When Pandora opened her box, given to her by the god, Zeus, she unleashed misery to the world. Like Eve (or Lillith), her curiosity got the better of her and she had to find out why it was so important that she kept a precious gift secret.
Pandora, unlike many of the Greek spirits, is the very essence of human. It is human nature to be curious, or to have “the desire to know.”
Pandora, goddess of gifts, brings to our attention that what lies in the dark must be revealed. For how can we hold out hope if we never see the light?
When Pandora opens her box, she unleashes death and destruction to humanity - but much of what she captures is lost in so many retellings of Greek mythology. This part being that when Pandora opens that box, she unleashes the darkness but captures the light - she captures hope.
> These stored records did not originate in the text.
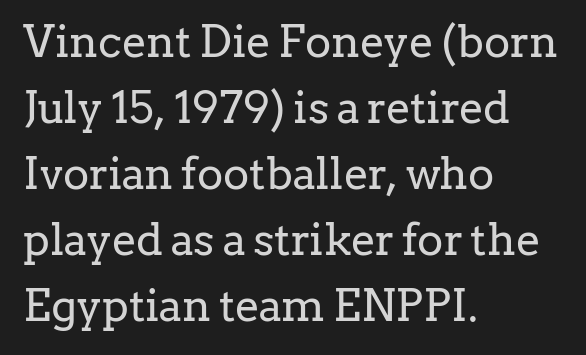
Q: Is the text bold? A: No.
Q: Is the text italic (slanted)? A: No, it is upright.
Q: Is the typeface a serif or a sans-serif typeface? A: Serif.
Q: Is the text underlined? A: No.
Q: How is the paragraph aligned? A: Left-aligned.
Q: Is the spacing between letters normal or unusually wide? A: Normal.
Q: Is the spacing between lines tight, normal or loose? A: Normal.
Q: Width (condensed, normal, or wide)? A: Normal.
Q: Stroke contrast? A: Low.
Q: x-height? A: Medium.
Q: Monospaced? A: No.
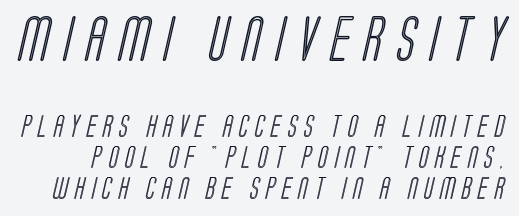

The question is will she share that hope with us?
Every time we need hope it is there waiting in the wings - waiting for us to open that little piece of light within to help us light without. I like to think of Pandora’s story as a metaphor - that when all hope is lost externally, the hope we capture within ourselves is enough to guide us to better days.
In Hesiod’s Theogony, Pandora is seen as a “beautiful evil” from a tribe of creatures’ humans call women. Why is she seen this way? Is it because of her box or is it for being what so many men back in those days feared; a confident, strong woman?
Why did Zeus give her a box that he knew would contain so much evil? Is it because he didn’t want the responsibility of having it in his grasp and if it were to ever be opened, he could blame it on the woman?
Why is it that so many stories on the first humans portray women as being misguided and albeit curiously dumb?
Why and how did this patriarchal mindset begin?
I can’t answer those questions. One reason is because I really don’t know. Another is because even if I were to ponder and theorize answers to those questions, you’d never get through this article.
The truth is, Pandora is a metaphor for how women came to be known in a male-dominated society. Though her curiosity got the better of her, it isn’t merely because she is a woman. It is because of human nature inside of her that grew when she was sent to Earth to be Epimetheus’ wife.
Pandora, to me, is a gift-giver of magickal things and knowing that she has all the light you’ll ever need inside her box tells me that we must overcome our human nature to truly experience the divine.
So, invoke Pandora when you need a little light in your life. She knows that among the darkness light is the most effective tool of all. May Pandora always stay by your side when all hope is lost.
Blessed be,
Magickal Michelle :)
P.S. If Pandora’s box is now holding light, why are we so afraid to open it?